> _WHAT IS BEING ASKED_
Once the pictures are set aside, reproduce all of the records exactly.

━━━ DATASET RECORDS

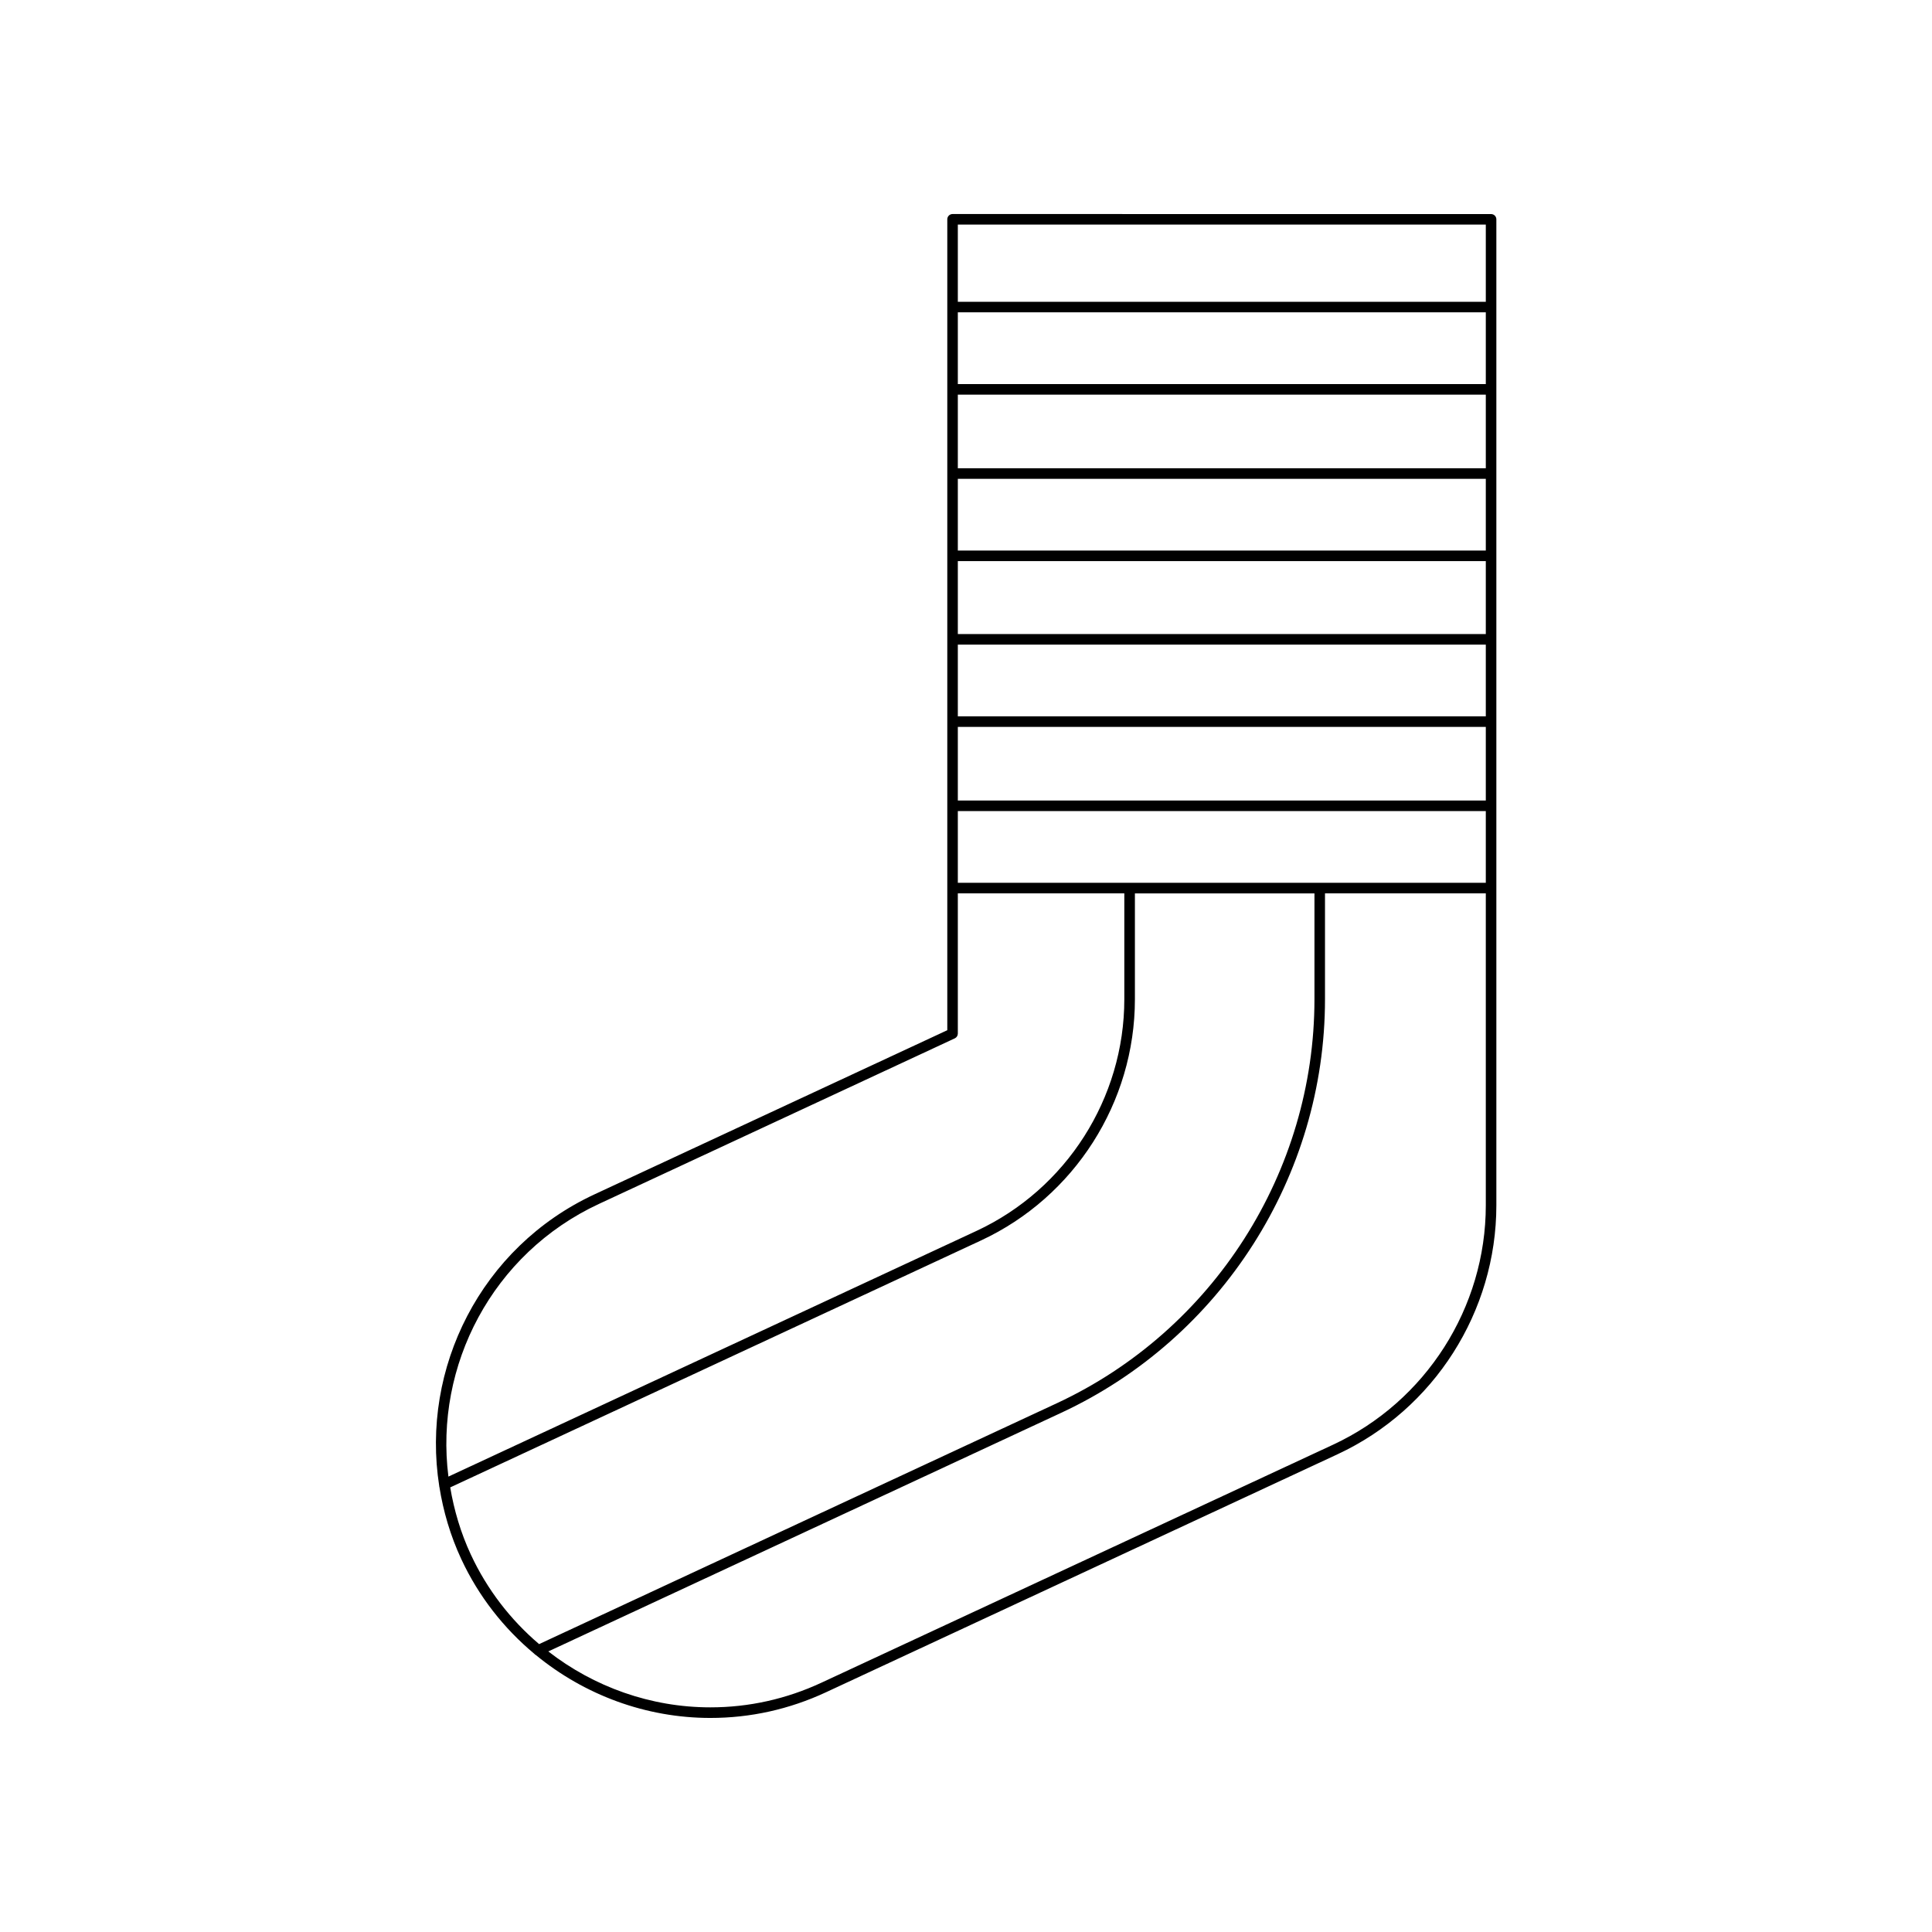 <?xml version="1.0" encoding="UTF-8"?>
<!-- Uploaded to: ICON Repo, www.iconrepo.com, Generator: ICON Repo Mixer Tools -->
<svg fill="#000000" width="800px" height="800px" version="1.1" viewBox="144 144 512 512" xmlns="http://www.w3.org/2000/svg">
 <path d="m396.44 200.72c-0.773 0-1.398 0.625-1.398 1.398v214.9l-93.516 43.508c-30.086 13.996-46.051 46.078-41.117 77.336 0.016 0.043-0.012 0.082 0.004 0.125 0.004 0.012 0.016 0.016 0.023 0.023 1.035 6.481 2.906 12.93 5.809 19.172 4.582 9.852 11.262 18.34 19.336 25.078 0.133 0.148 0.266 0.27 0.441 0.352 12.816 10.527 29.09 16.66 46.234 16.66 10.621 0 20.934-2.289 30.645-6.809l135.58-63.078c25.559-11.887 42.07-37.781 42.07-65.969v-261.29c0-0.773-0.625-1.398-1.398-1.398zm-93.734 262.34 94.32-43.883c0.496-0.23 0.809-0.723 0.809-1.27v-37.152h44.121v28.051c0 26.227-15.367 50.32-39.152 61.387l-139.97 65.121c-3.715-29.379 11.621-59.113 39.875-72.254zm-33.922 92.938c-2.699-5.805-4.453-11.797-5.473-17.82l140.68-65.449c24.766-11.52 40.77-36.613 40.77-63.922v-28.051h47.582v28.051c0 45.746-26.805 87.773-68.285 107.07l-137.19 63.828c-7.539-6.41-13.77-14.438-18.078-23.703zm268.97-92.586c0 27.105-15.879 52-40.449 63.434l-135.59 63.074c-9.34 4.344-19.25 6.547-29.461 6.547-15.82 0-30.867-5.434-42.949-14.82l135.93-63.242c42.465-19.75 69.902-62.77 69.902-109.6v-28.051h42.617zm0-85.457h-139.92v-19.008h139.92zm0-21.809h-139.92v-19.508h139.92zm0-22.305h-139.92v-19.012h139.92zm0-21.812h-139.92v-19.332h139.92zm0-22.129h-139.92v-19.012h139.92zm0-21.812h-139.92v-19.504h139.92zm0-22.305h-139.92v-19.012h139.92zm0-21.809h-139.92v-20.457h139.92z"/>
</svg>
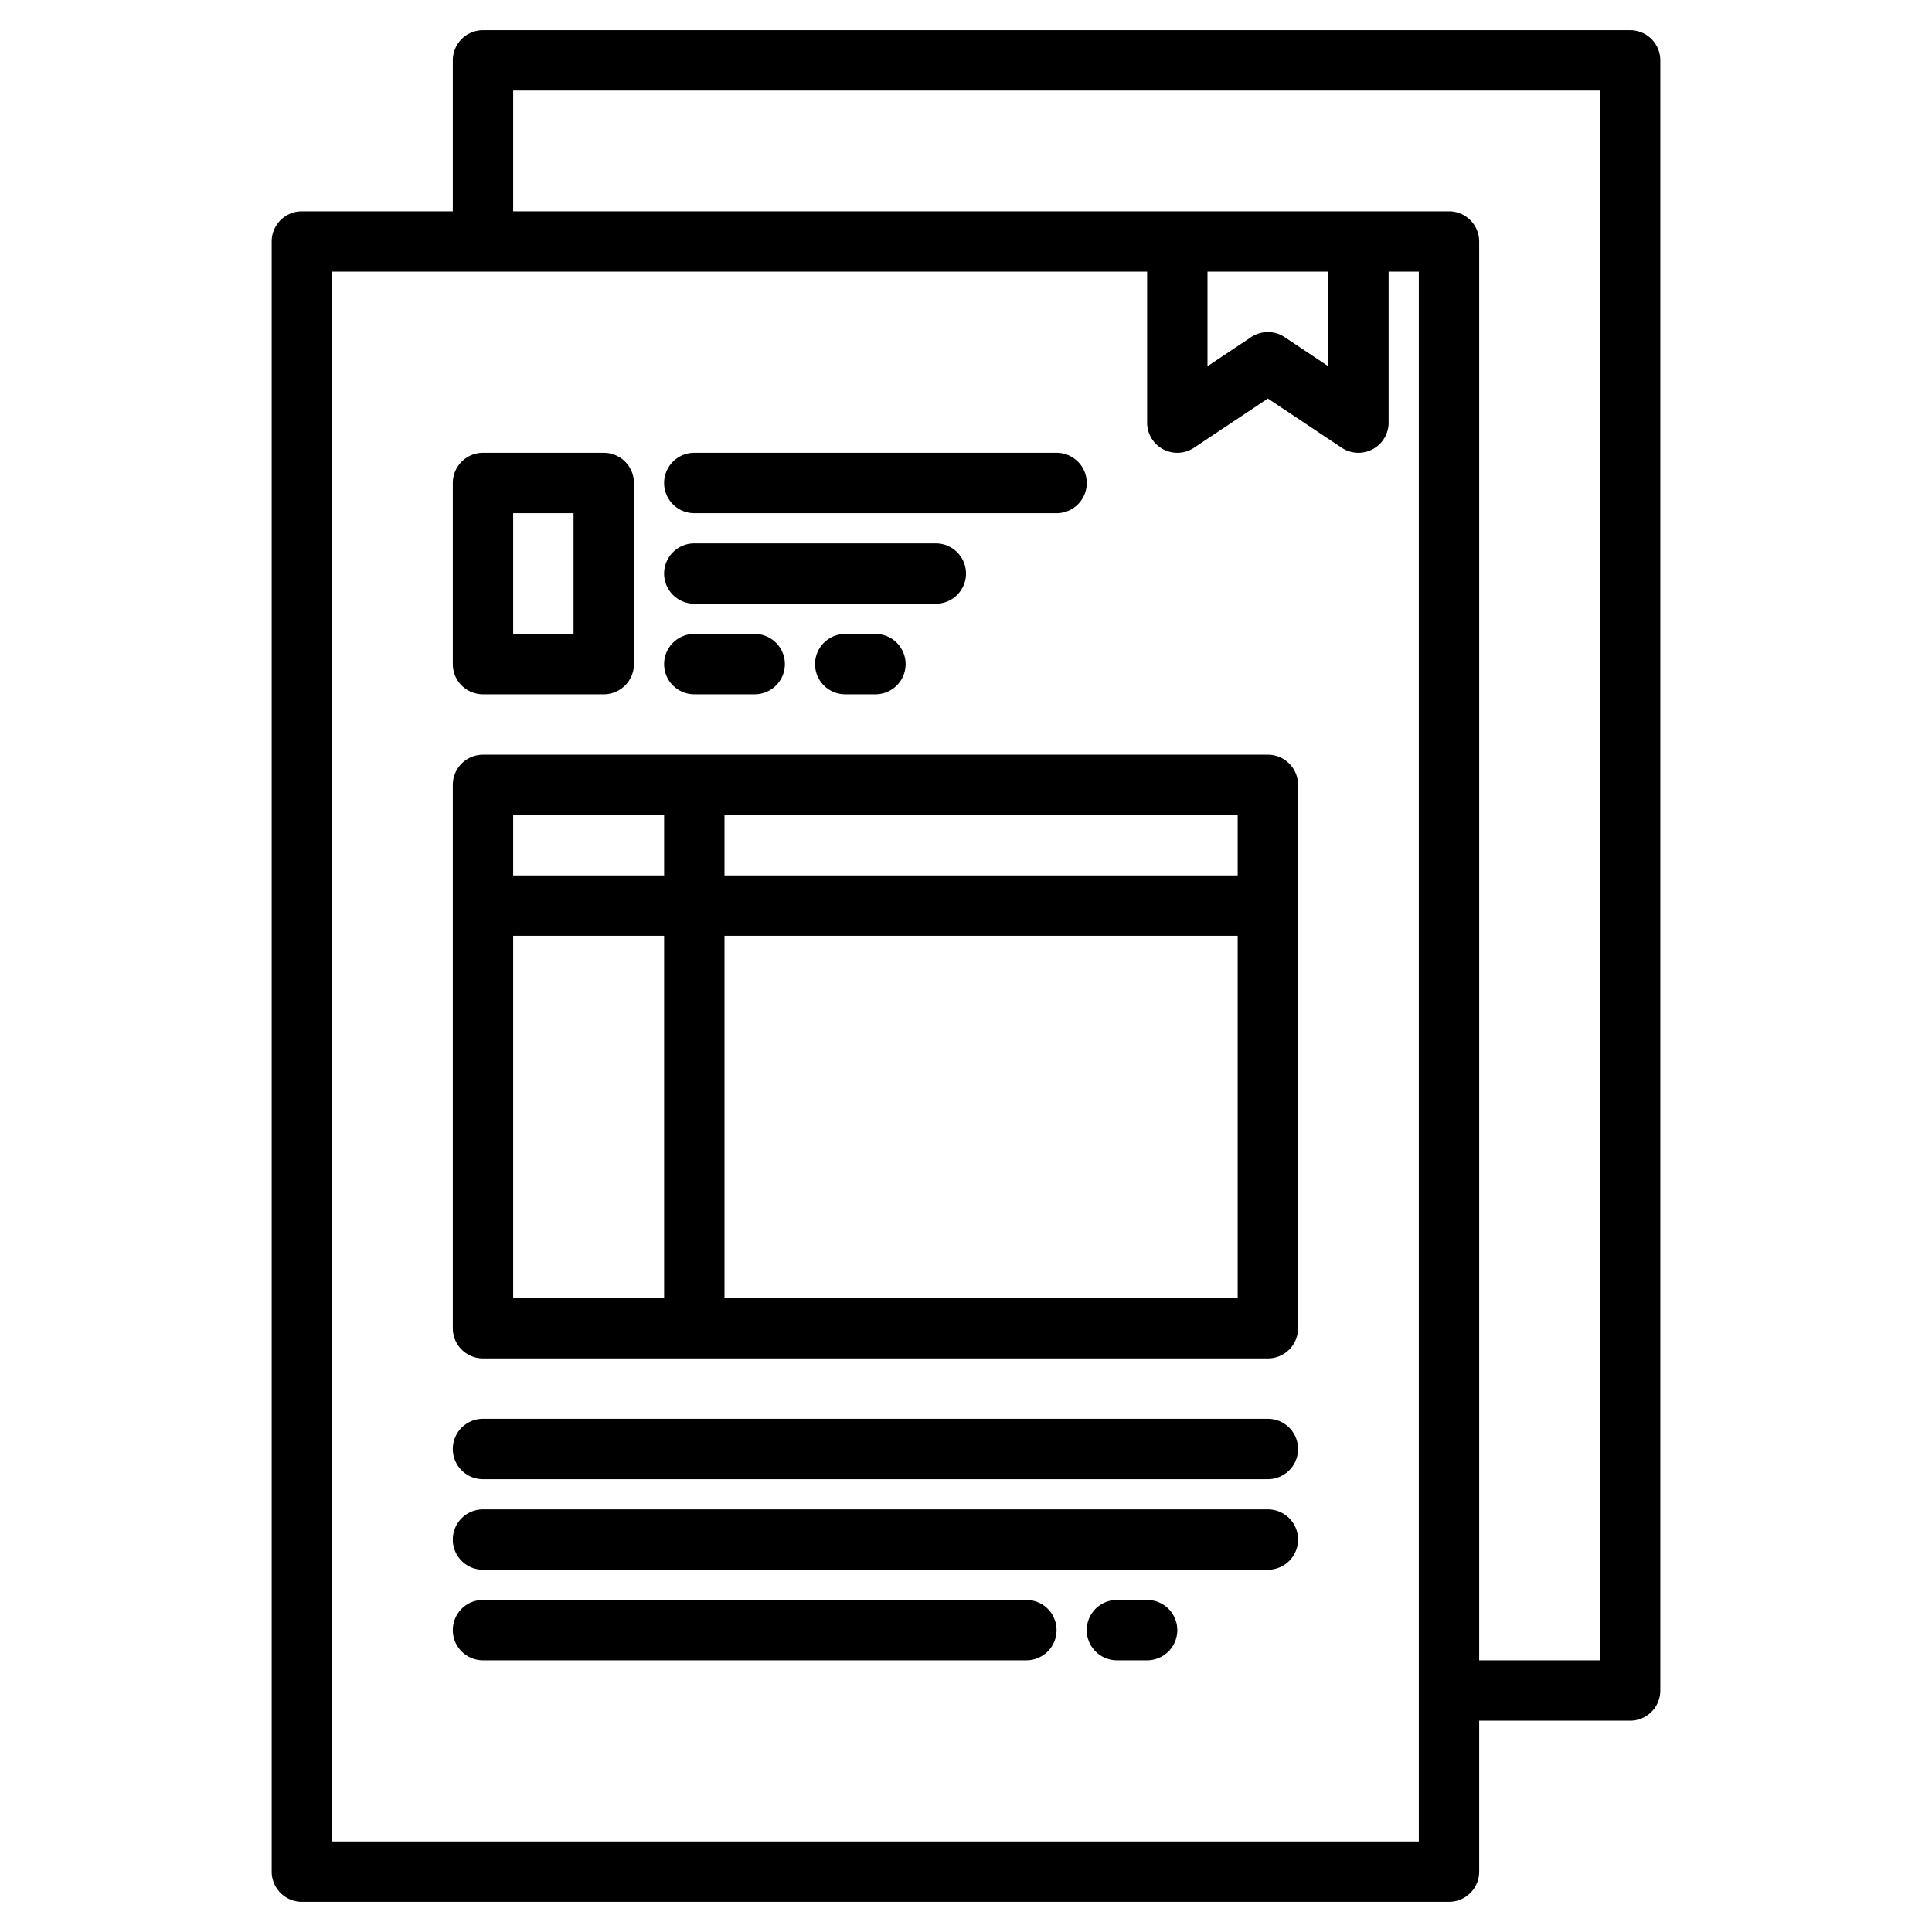 <svg xmlns="http://www.w3.org/2000/svg" viewBox="0 0 512 512" width="512" height="512"><g><path d="M432,8H128a8,8,0,0,0-8,8V56H80a8,8,0,0,0-8,8V496a8,8,0,0,0,8,8H384a8,8,0,0,0,8-8V456h40a8,8,0,0,0,8-8V16A8,8,0,0,0,432,8ZM376,488H88V72H304v40a8,8,0,0,0,12.438,6.656L336,105.615l19.562,13.041A8,8,0,0,0,368,112V72h8ZM320,72h32V97.052l-11.562-7.708a8,8,0,0,0-8.876,0L320,97.052ZM424,440H392V64a8,8,0,0,0-8-8H136V24H424Z"></path><path d="M336,200H128a8,8,0,0,0-8,8V352a8,8,0,0,0,8,8H336a8,8,0,0,0,8-8V208A8,8,0,0,0,336,200Zm-8,16v16H192V216Zm-192,0h40v16H136Zm0,128V248h40v96Zm192,0H192V248H328Z"></path><path d="M128,184h32a8,8,0,0,0,8-8V128a8,8,0,0,0-8-8H128a8,8,0,0,0-8,8v48A8,8,0,0,0,128,184Zm8-48h16v32H136Z"></path><path d="M184,136h96a8,8,0,0,0,0-16H184a8,8,0,0,0,0,16Z"></path><path d="M184,160h64a8,8,0,0,0,0-16H184a8,8,0,0,0,0,16Z"></path><path d="M184,184h16a8,8,0,0,0,0-16H184a8,8,0,0,0,0,16Z"></path><path d="M224,168a8,8,0,0,0,0,16h8a8,8,0,0,0,0-16Z"></path><path d="M336,376H128a8,8,0,0,0,0,16H336a8,8,0,0,0,0-16Z"></path><path d="M336,400H128a8,8,0,0,0,0,16H336a8,8,0,0,0,0-16Z"></path><path d="M272,424H128a8,8,0,0,0,0,16H272a8,8,0,0,0,0-16Z"></path><path d="M304,424h-8a8,8,0,0,0,0,16h8a8,8,0,0,0,0-16Z"></path></g></svg>

━━━━━━

> _WRITTEN REPLY_
 <?xml version="1.0" encoding="UTF-8"?>
<!-- Uploaded to: ICON Repo, www.iconrepo.com, Generator: ICON Repo Mixer Tools -->
<svg fill="#000000" width="800px" height="800px" version="1.1" viewBox="144 144 512 512" xmlns="http://www.w3.org/2000/svg">
 <path d="m396.44 200.72c-0.773 0-1.398 0.625-1.398 1.398v214.9l-93.516 43.508c-30.086 13.996-46.051 46.078-41.117 77.336 0.016 0.043-0.012 0.082 0.004 0.125 0.004 0.012 0.016 0.016 0.023 0.023 1.035 6.481 2.906 12.93 5.809 19.172 4.582 9.852 11.262 18.34 19.336 25.078 0.133 0.148 0.266 0.27 0.441 0.352 12.816 10.527 29.09 16.66 46.234 16.66 10.621 0 20.934-2.289 30.645-6.809l135.58-63.078c25.559-11.887 42.07-37.781 42.07-65.969v-261.29c0-0.773-0.625-1.398-1.398-1.398zm-93.734 262.34 94.32-43.883c0.496-0.23 0.809-0.723 0.809-1.27v-37.152h44.121v28.051c0 26.227-15.367 50.32-39.152 61.387l-139.97 65.121c-3.715-29.379 11.621-59.113 39.875-72.254zm-33.922 92.938c-2.699-5.805-4.453-11.797-5.473-17.82l140.68-65.449c24.766-11.52 40.77-36.613 40.77-63.922v-28.051h47.582v28.051c0 45.746-26.805 87.773-68.285 107.07l-137.19 63.828c-7.539-6.41-13.77-14.438-18.078-23.703zm268.97-92.586c0 27.105-15.879 52-40.449 63.434l-135.59 63.074c-9.34 4.344-19.25 6.547-29.461 6.547-15.82 0-30.867-5.434-42.949-14.82l135.93-63.242c42.465-19.75 69.902-62.77 69.902-109.6v-28.051h42.617zm0-85.457h-139.92v-19.008h139.92zm0-21.809h-139.92v-19.508h139.92zm0-22.305h-139.92v-19.012h139.92zm0-21.812h-139.92v-19.332h139.92zm0-22.129h-139.92v-19.012h139.92zm0-21.812h-139.92v-19.504h139.92zm0-22.305h-139.92v-19.012h139.92zm0-21.809h-139.92v-20.457h139.92z"/>
</svg>
 <svg xmlns="http://www.w3.org/2000/svg" viewBox="0 0 512 512" width="512" height="512"><g><path d="M432,8H128a8,8,0,0,0-8,8V56H80a8,8,0,0,0-8,8V496a8,8,0,0,0,8,8H384a8,8,0,0,0,8-8V456h40a8,8,0,0,0,8-8V16A8,8,0,0,0,432,8ZM376,488H88V72H304v40a8,8,0,0,0,12.438,6.656L336,105.615l19.562,13.041A8,8,0,0,0,368,112V72h8ZM320,72h32V97.052l-11.562-7.708a8,8,0,0,0-8.876,0L320,97.052ZM424,440H392V64a8,8,0,0,0-8-8H136V24H424Z"></path><path d="M336,200H128a8,8,0,0,0-8,8V352a8,8,0,0,0,8,8H336a8,8,0,0,0,8-8V208A8,8,0,0,0,336,200Zm-8,16v16H192V216Zm-192,0h40v16H136Zm0,128V248h40v96Zm192,0H192V248H328Z"></path><path d="M128,184h32a8,8,0,0,0,8-8V128a8,8,0,0,0-8-8H128a8,8,0,0,0-8,8v48A8,8,0,0,0,128,184Zm8-48h16v32H136Z"></path><path d="M184,136h96a8,8,0,0,0,0-16H184a8,8,0,0,0,0,16Z"></path><path d="M184,160h64a8,8,0,0,0,0-16H184a8,8,0,0,0,0,16Z"></path><path d="M184,184h16a8,8,0,0,0,0-16H184a8,8,0,0,0,0,16Z"></path><path d="M224,168a8,8,0,0,0,0,16h8a8,8,0,0,0,0-16Z"></path><path d="M336,376H128a8,8,0,0,0,0,16H336a8,8,0,0,0,0-16Z"></path><path d="M336,400H128a8,8,0,0,0,0,16H336a8,8,0,0,0,0-16Z"></path><path d="M272,424H128a8,8,0,0,0,0,16H272a8,8,0,0,0,0-16Z"></path><path d="M304,424h-8a8,8,0,0,0,0,16h8a8,8,0,0,0,0-16Z"></path></g></svg>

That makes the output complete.